• huckster •
hêk-stêr • Hear it!
Part of Speech: Noun
Meaning: 1. A street peddler, a hawker of petty wares. 2. An overly aggressive, shifty-eyed, seemingly untrustworthy salesman. 3. An agent who produces advertising material.
Notes: Since today's "Good" Word took on its pejorative sense, the words derived from it all have a facetious taste (all the more reason for using them). The practice of huckstering is generally called hucksterism and all hucksters collectively are known as hucksterdom, as to be the best huckster in all hucksterdom.
In Play: Hucksters are usually fast-talking salesmen, pandering to the desires of potential customers if not palming off cheap wares for high prices: "My husband always watches the hucksters in the Sunday morning infomercials hawk their wares." Hucksters today are considered to be dishonest if effective salesmen: "Jes Newcombe is a huckster's huckster who could sell icebergs to Eskimos.

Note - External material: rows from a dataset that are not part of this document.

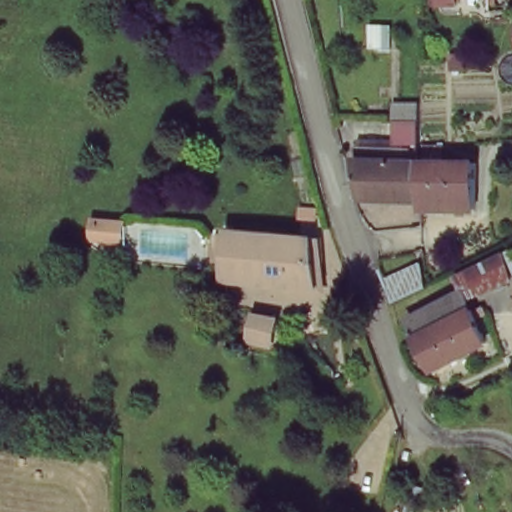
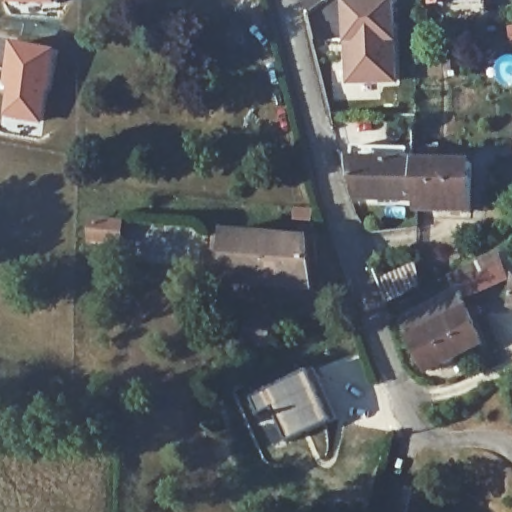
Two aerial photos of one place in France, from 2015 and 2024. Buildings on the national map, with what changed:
new [(10,4),(9,0),(59,0),(59,5),(10,4)]
new [(399,83),(347,85),(346,44),(345,0),(396,0),(397,41),(399,83)]
unchanged [(451,0),(483,0),(484,1),(452,1),(451,0)]
new [(12,41),(59,50),(42,124),(4,118),(12,41)]
unchanged [(467,168),(465,216),(414,214),(413,206),(356,204),(350,165),(352,165),(352,152),(389,153),(393,153),(396,154),(399,154),(403,154),(406,154),(409,154),(412,154),(412,166),(415,166),(414,153),(435,153),(435,167),(459,168),(467,168)]
unchanged [(281,276),(224,271),(225,251),(216,251),(217,237),(225,238),(226,232),(311,239),(317,239),(318,265),(313,265),(311,266),(313,287),(291,285),(281,285),(281,276)]
unchanged [(456,277),(502,255),(511,279),(467,299),(462,289),(456,277)]
unchanged [(389,304),(382,280),(417,264),(423,288),(389,304)]
unchanged [(405,319),(462,289),(467,299),(471,311),(469,312),(415,338),(405,319)]
unchanged [(469,312),(471,311),(483,343),(430,370),(415,338),(469,312)]
unchanged [(271,320),(266,344),(246,340),(251,316),(271,320)]
new [(256,418),(247,398),(308,371),(332,422),(287,442),(268,449),(256,418)]
unchanged [(410,494),(426,496),(423,512),(407,512),(410,494)]

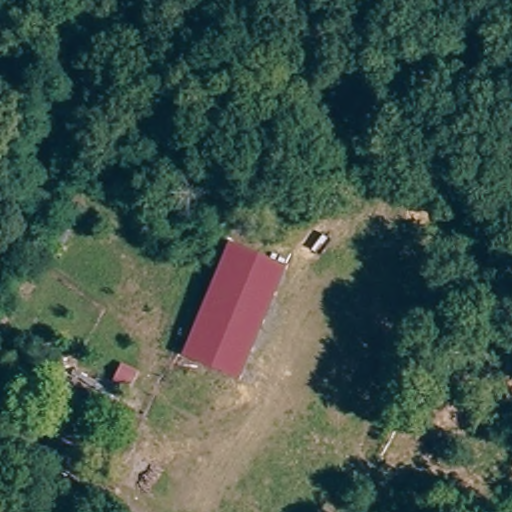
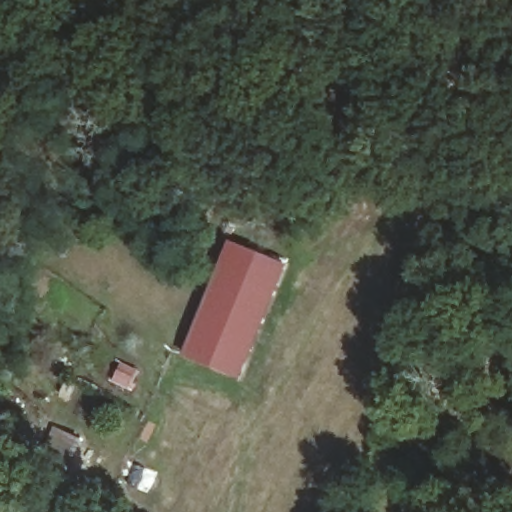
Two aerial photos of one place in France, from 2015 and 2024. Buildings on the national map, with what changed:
unchanged [(242,377),(183,353),(230,241),(288,263),(242,377)]

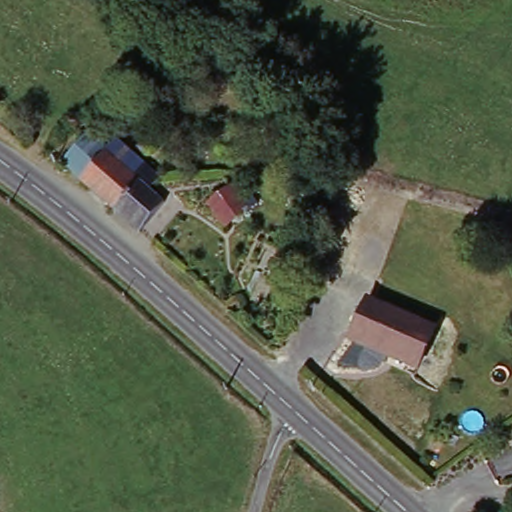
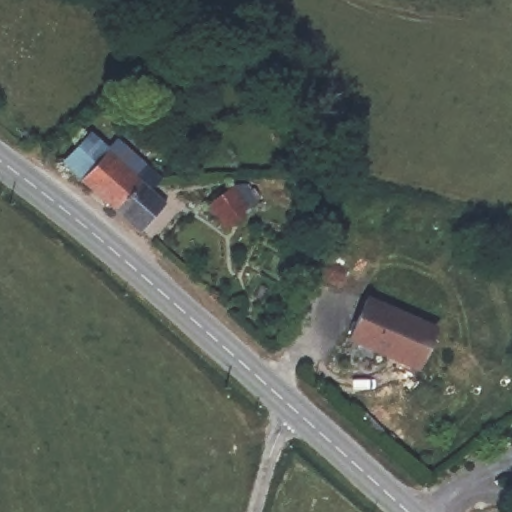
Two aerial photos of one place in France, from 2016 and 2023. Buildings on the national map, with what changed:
unchanged [(141,169),(146,172),(154,165),(169,178),(166,181),(162,186),(152,197),(140,187),(115,215),(80,186),(80,182),(70,174),(61,166),(86,137),(105,152),(104,155),(131,179),(141,169)]
unchanged [(221,179),(249,212),(227,231),(199,196),(221,179)]
unchanged [(140,187),(152,197),(166,209),(140,238),(127,225),(115,215),(140,187)]
unchanged [(393,356),(356,338),(376,296),(442,328),(423,364),(421,369),(393,356)]

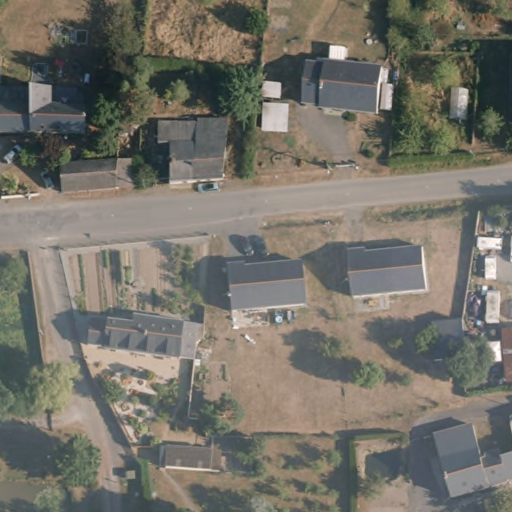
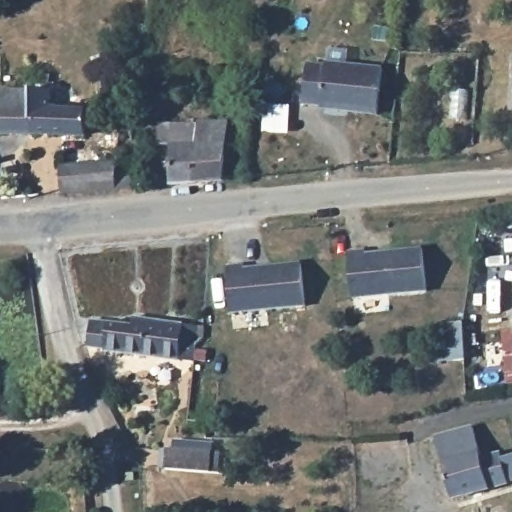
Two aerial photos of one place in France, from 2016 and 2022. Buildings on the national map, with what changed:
unchanged [(316,111),(316,108),(298,105),(306,66),(322,69),(322,66),(331,68),(325,111),(316,111)]
unchanged [(381,76),(372,120),(325,111),(331,68),(381,76)]
unchanged [(52,97),(52,117),(88,119),(87,142),(0,139),(0,112),(4,96),(52,97)]
unchanged [(197,124),(198,118),(224,118),(225,179),(168,185),(167,143),(155,143),(156,124),(197,124)]
unchanged [(127,123),(126,153),(119,153),(120,126),(127,123)]
unchanged [(119,161),(119,159),(127,159),(127,164),(134,164),(135,188),(119,189),(67,194),(66,166),(119,161)]
unchanged [(424,250),(427,294),(355,301),(350,253),(367,252),(367,255),(424,250)]
unchanged [(302,264),(306,307),(232,315),(229,266),(245,266),(245,269),(302,264)]
unchanged [(197,329),(196,340),(187,348),(187,364),(97,352),(98,347),(81,345),(85,318),(126,325),(127,317),(197,329)]
unchanged [(456,320),(462,360),(431,363),(427,324),(456,320)]
unchanged [(512,388),(501,389),(495,336),(512,335),(512,388)]
unchanged [(483,444),(486,453),(497,450),(498,457),(512,453),(512,481),(507,482),(508,487),(448,504),(429,438),(470,427),(476,446),(483,444)]
unchanged [(212,456),(212,475),(162,472),(162,453),(212,456)]

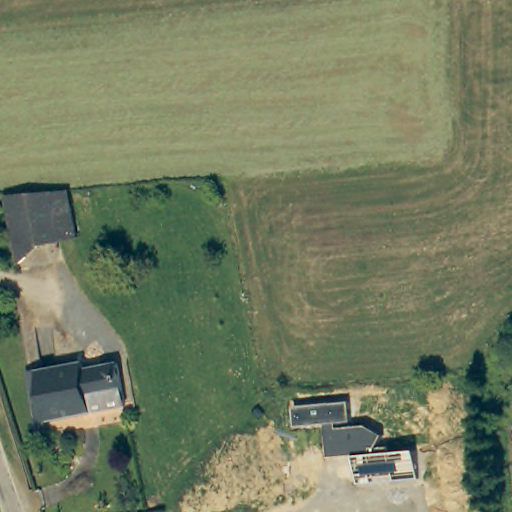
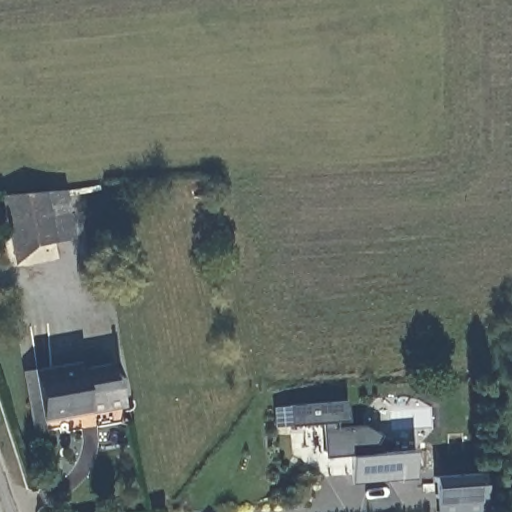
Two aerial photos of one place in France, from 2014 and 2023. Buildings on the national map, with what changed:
unchanged [(45,194),(64,192),(74,244),(54,245),(45,194)]
unchanged [(36,247),(16,268),(4,198),(45,194),(54,245),(36,247)]
unchanged [(90,413),(46,418),(48,431),(36,432),(24,371),(37,368),(78,362),(79,368),(116,362),(121,392),(123,408),(90,413)]
unchanged [(290,406),(346,401),(348,421),(333,423),(334,427),(365,425),(380,436),(369,452),(351,454),(324,456),(321,424),(292,426),(290,406)]
unchanged [(351,454),(369,452),(410,449),(416,478),(357,485),(351,454)]
new [(484,512),(435,512),(431,475),(479,471),(484,512)]

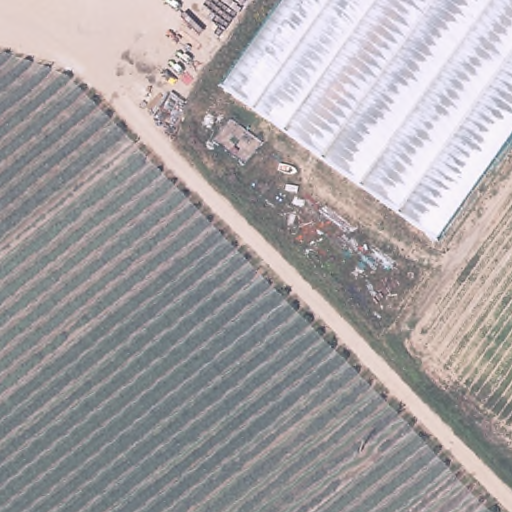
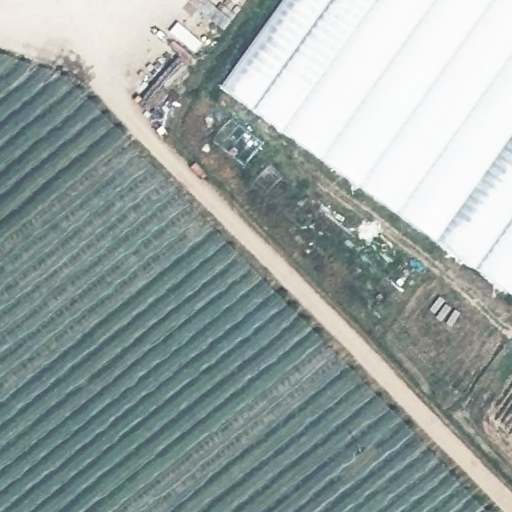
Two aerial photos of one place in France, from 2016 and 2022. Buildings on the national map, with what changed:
unchanged [(512,0),(512,140),(439,242),(227,88),(290,0),(512,0)]
new [(439,242),(512,140),(512,296),(439,242)]

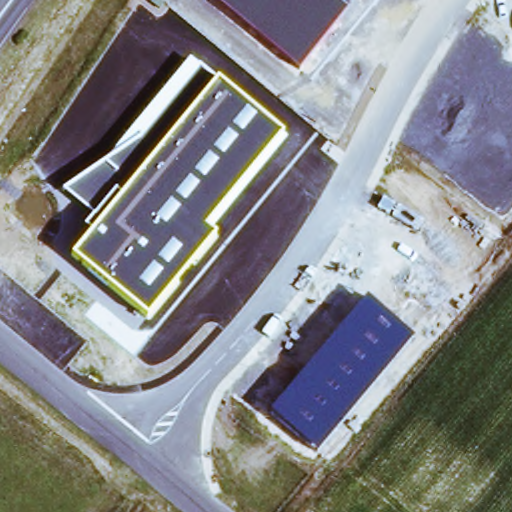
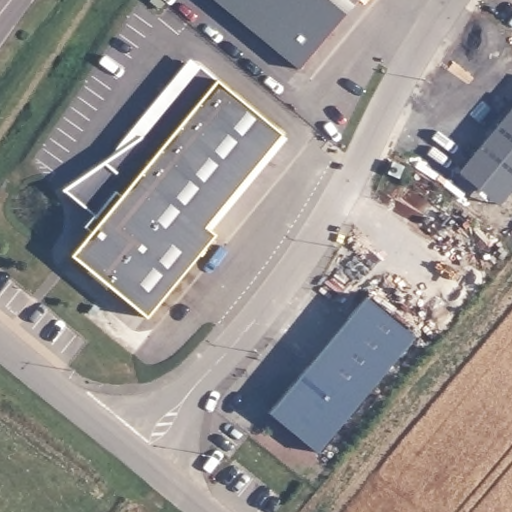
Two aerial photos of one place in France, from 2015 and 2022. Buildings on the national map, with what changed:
unchanged [(215,0),(356,0),(299,69),(215,0)]
unchanged [(90,232),(84,227),(94,215),(62,190),(110,158),(189,59),(281,134),(203,227),(213,235),(146,317),(71,255),(90,232)]
new [(512,97),(512,104),(509,101),(512,97)]
new [(470,158),(512,108),(512,186),(509,190),(470,158)]
new [(470,158),(509,190),(495,207),(457,174),(470,158)]
unchanged [(365,299),(412,337),(317,450),(270,412),(365,299)]

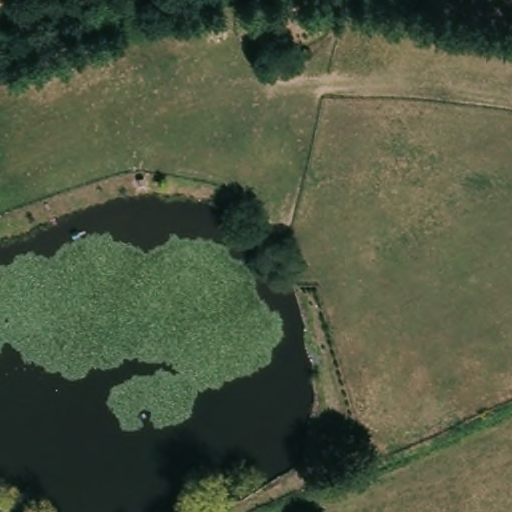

Word History: Etymologists can't help thinking that this word is related to Middle Dutch hokester "peddler" from hoken "to peddle", a relative of the English verb hawk. The specific sense of "an advertising salesman" is due to the 1946 novel The Hucksters by Frederick Wakeman. Huckster is clearly related to hawk, a word that seems to share an origin with German hocken "to crouch, squat". Some have argued that the German word originally meant "to carry pick-a-back" while others argue that the connection goes back to a time when hawkers squatted in a stall. Either way, no one knows where hoken or hocken comes from. (Let's not forget to thank Chris Berry, who doesn't have to huckster Good Words like today's; we love them.)